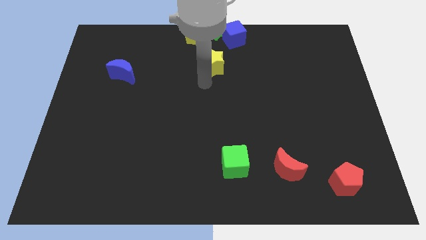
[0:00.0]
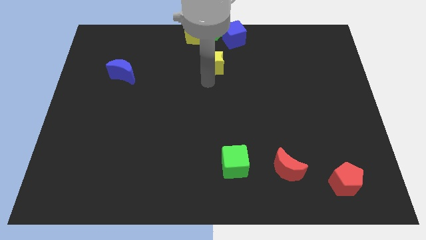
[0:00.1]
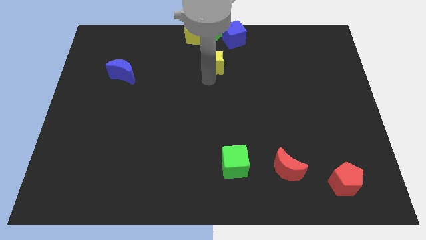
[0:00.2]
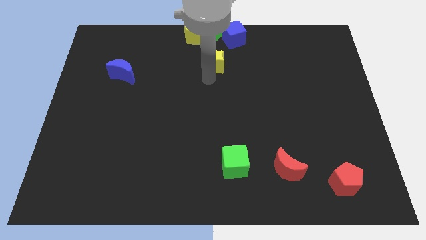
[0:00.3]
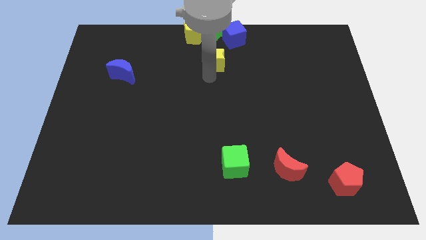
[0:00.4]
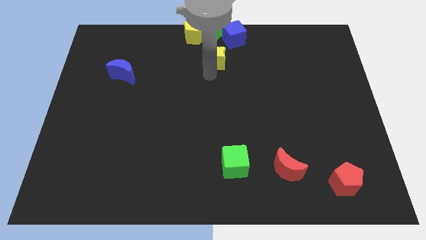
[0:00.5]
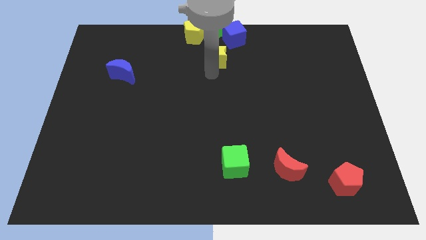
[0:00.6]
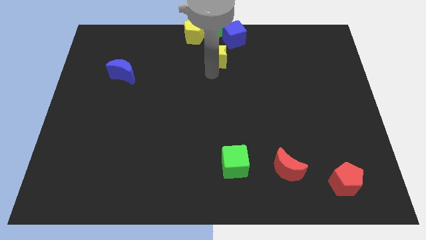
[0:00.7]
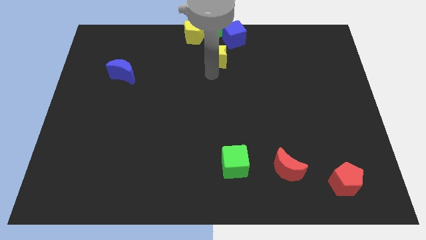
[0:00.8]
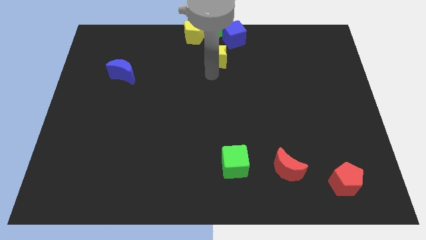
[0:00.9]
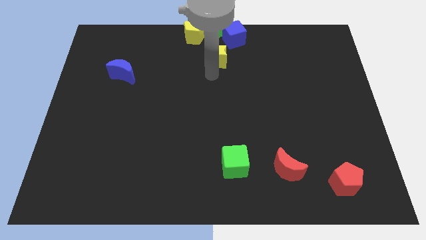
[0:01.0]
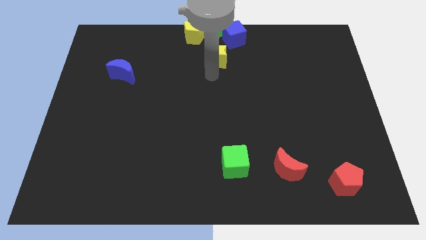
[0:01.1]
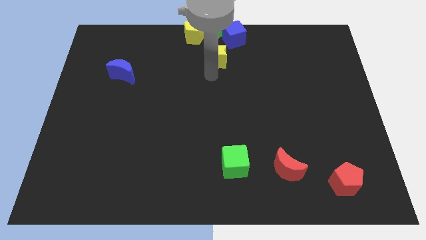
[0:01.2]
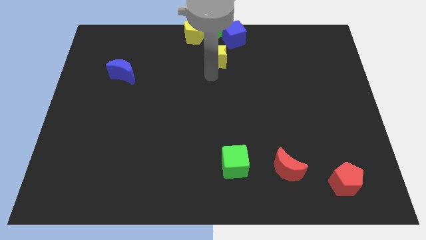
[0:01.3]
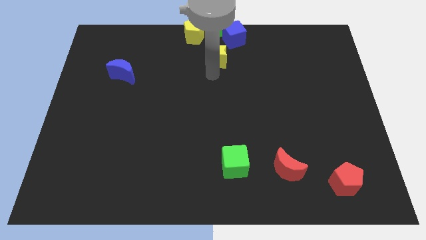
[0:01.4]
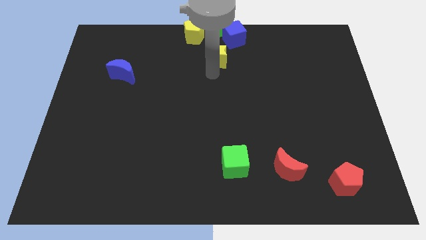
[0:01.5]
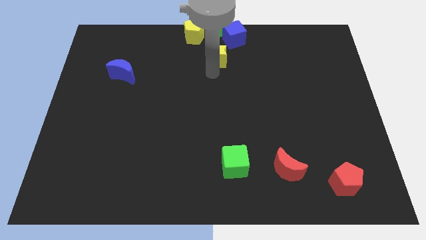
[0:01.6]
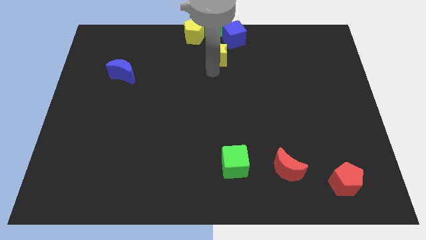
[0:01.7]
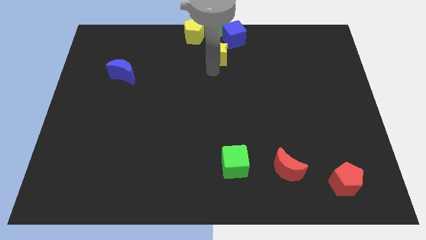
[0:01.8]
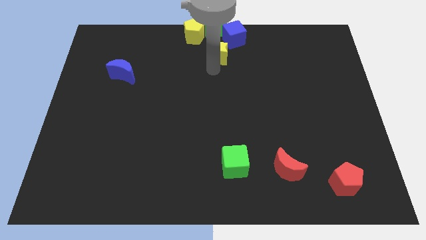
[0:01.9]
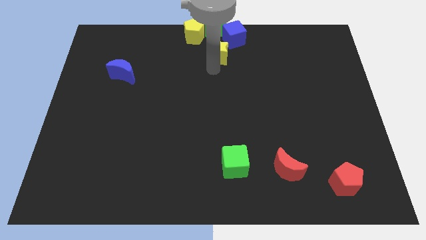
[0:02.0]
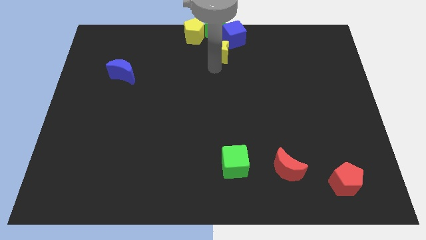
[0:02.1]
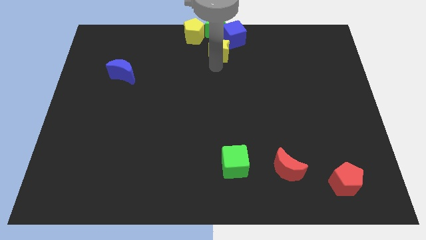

● **TASK DIRECTIONS**
Reproduce the listing exactly. Leave its pictures out.

● **ANSWER BOX**
[0:00.0]
[0:00.1]
[0:00.2]
[0:00.3]
[0:00.4]
[0:00.5]
[0:00.6]
[0:00.7]
[0:00.8]
[0:00.9]
[0:01.0]
[0:01.1]
[0:01.2]
[0:01.3]
[0:01.4]
[0:01.5]
[0:01.6]
[0:01.7]
[0:01.8]
[0:01.9]
[0:02.0]
[0:02.1]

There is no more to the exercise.